In broad intuitive terms it boils down to the following:

  1. As stated, the measured  global-average ocean temperature below 200m depth is 4 deg. C. This is precisely the temperature at which water has its maximum density. This is not a coincidence;  any increase  in local temperature near the ocean floor will be accompanied by a decrease in density relative to the surrounding water, so initiating convection. Water convected in this way entrains surrounding water to form a plume  which decreases in temperature and increases in density as it rises until convection ceases. Such plumes are observed above HTVs which are called “black smokers” because of the discolouration of the plume with mineral sulphides. HTV plumes generally only rise a hundred metres or so above the ocean floor, the maximum height being related to the power (rate of heat flux) of the vent.
  2. Black smokers are a “steady state” scenario like hot springs on land. On land “non-steady-state” events occur in the form of volcanic eruptions which occur randomly in both time and space. Volcanic eruptions also occur on the ocean floor and are many order of magnitude more powerful than HTVs. As a result their plumes rise much higher above the ocean floor than do HTV plumes. A sufficiently powerful volcanic eruption can generate a plume which is only stabilized when it reaches the warmer mixed layer. In short, submarine volcanoes do not heat the bottom of the ocean, rather, they heat the top of the ocean, the mixed layer.

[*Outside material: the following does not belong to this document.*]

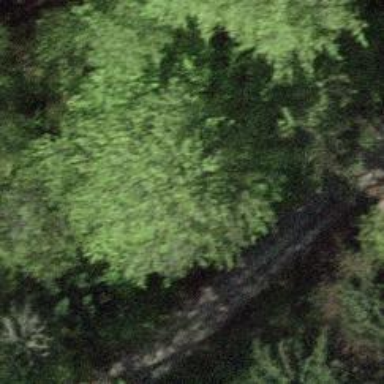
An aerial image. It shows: Culvert tunnel.

Observational evidence supporting this description was found recently when the temperature of mixed layer of the North Atlantic was observed to increase by 4 deg C within a week. There is no possible explanation for this in terms of “climate change”; it happened too suddenly. A submarine volcanic eruption on the Mid-Atlantic Ridge to the south of Iceland  is the most likely explanation. Indeed southern Iceland has itself recently experienced unusual volcanic activity.